:: Work to complete ::
Repeat every record below exactly, omitting any pictures.

(Entries taken from a collection)

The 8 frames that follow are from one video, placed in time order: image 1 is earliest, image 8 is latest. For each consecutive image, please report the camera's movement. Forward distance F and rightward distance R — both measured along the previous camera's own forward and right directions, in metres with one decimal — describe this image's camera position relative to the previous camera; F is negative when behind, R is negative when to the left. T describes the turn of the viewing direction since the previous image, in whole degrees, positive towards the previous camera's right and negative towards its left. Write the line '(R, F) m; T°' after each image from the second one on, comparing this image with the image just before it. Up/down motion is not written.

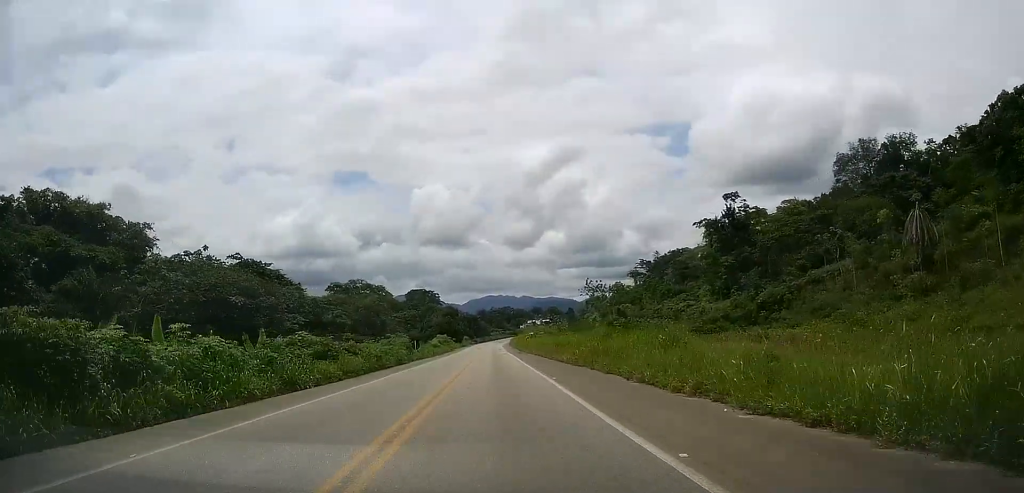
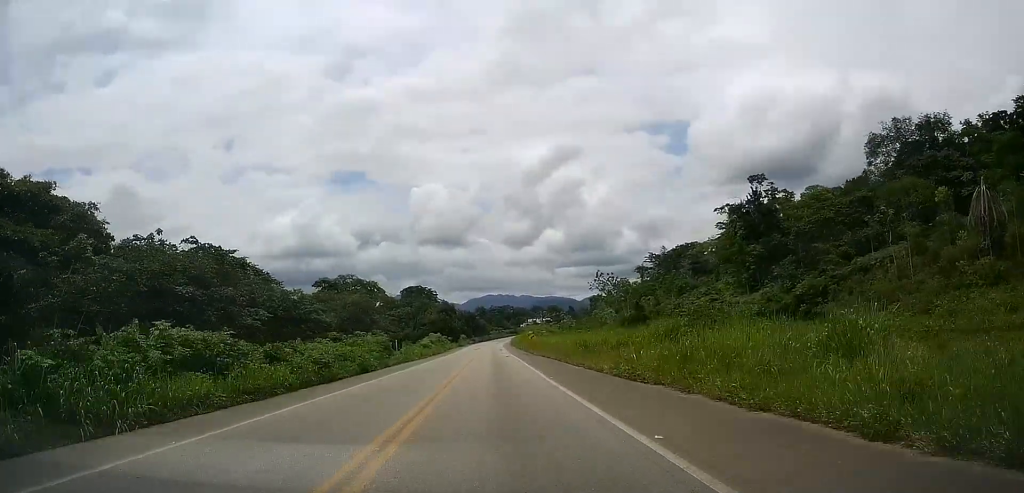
(+0.2, +13.3) m; 0°
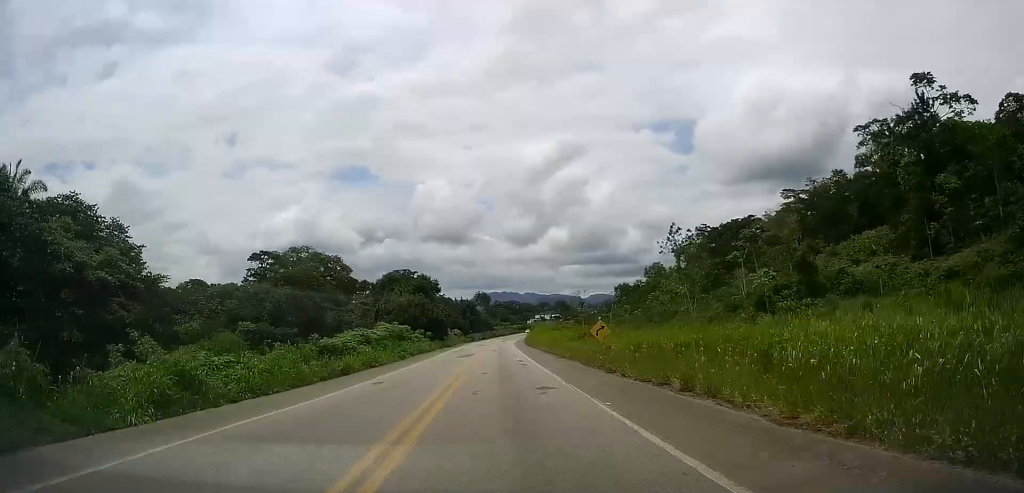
(-0.1, +49.6) m; 0°
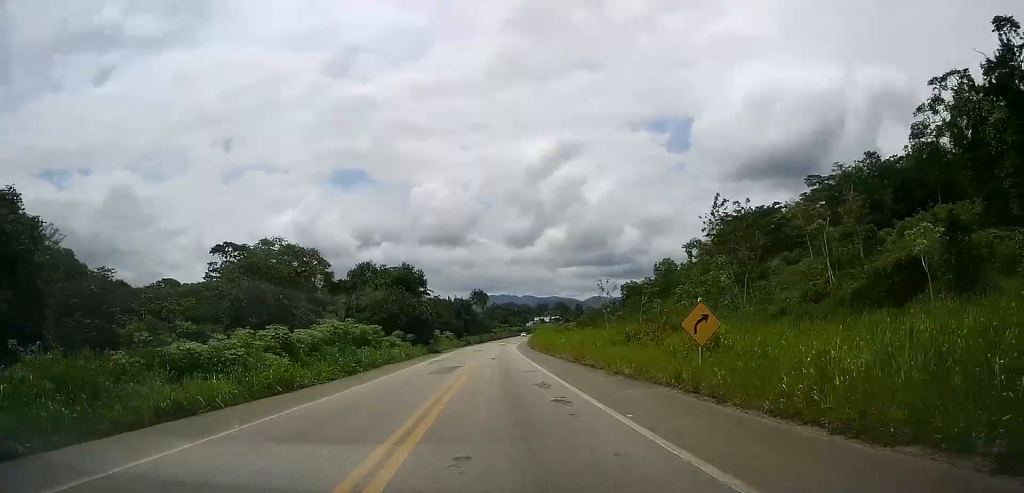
(+0.2, +16.9) m; 0°
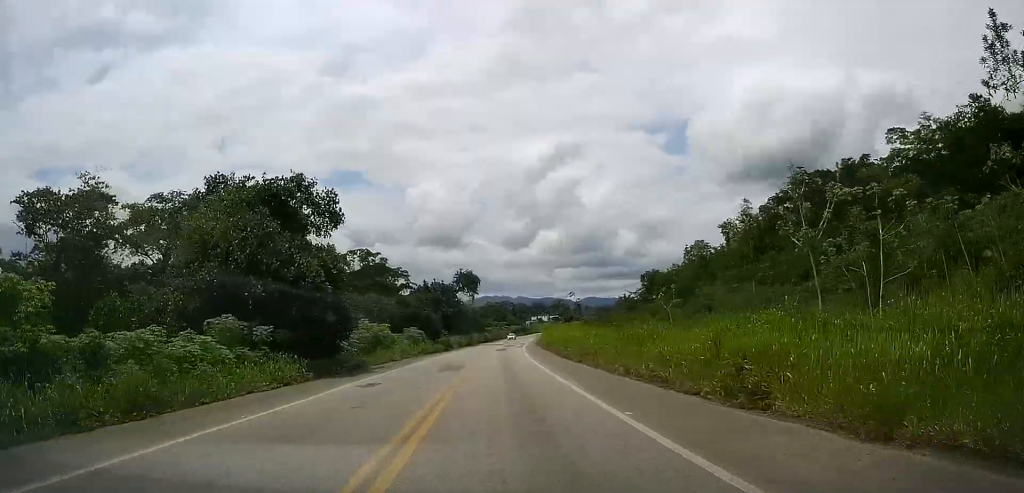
(-0.5, +41.0) m; 0°
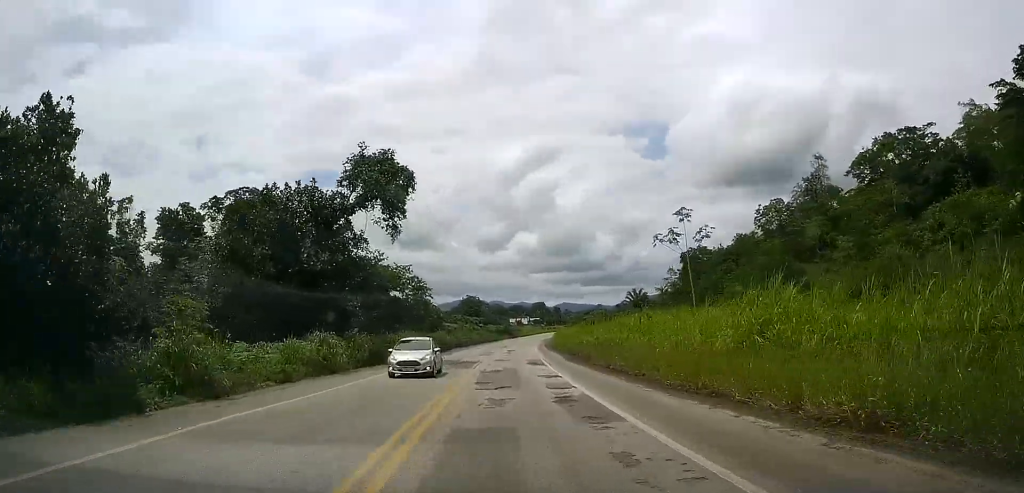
(+1.3, +64.1) m; +2°
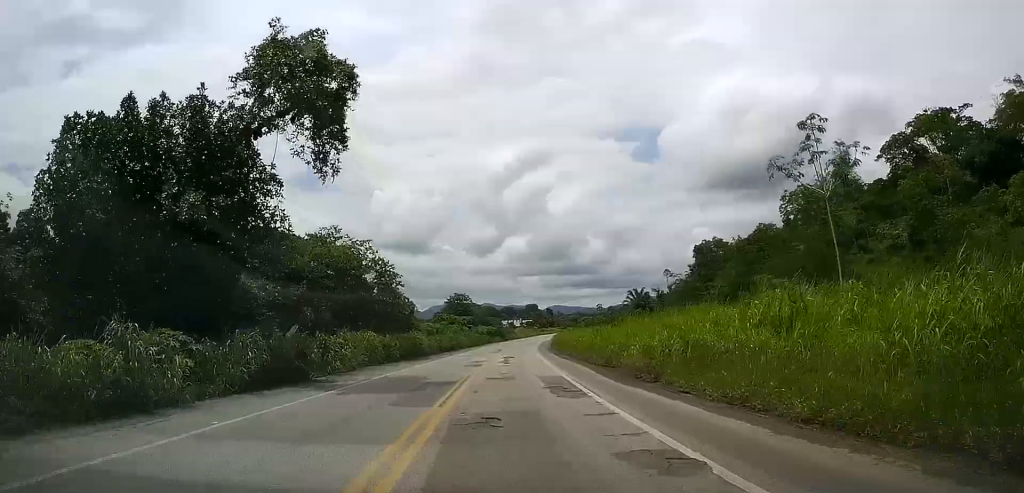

:: Response area ::
The 8 frames that follow are from one video, placed in time order: image 1 is earliest, image 8 is latest. For each consecutive image, please report the camera's movement. Forward distance F and rightward distance R — both measured along the previous camera's own forward and right directions, in metres with one decimal — describe this image's camera position relative to the previous camera; F is negative when behind, R is negative when to the left. T describes the turn of the viewing direction since the previous image, in whole degrees, positive towards the previous camera's right and negative towards its left. Write the line '(R, F) m; T°' after each image from the second one on, comparing this image with the image just before it. Up/down motion is not written.

(+0.2, +13.3) m; 0°
(-0.1, +49.6) m; 0°
(+0.2, +16.9) m; 0°
(-0.5, +41.0) m; 0°
(+1.3, +64.1) m; +2°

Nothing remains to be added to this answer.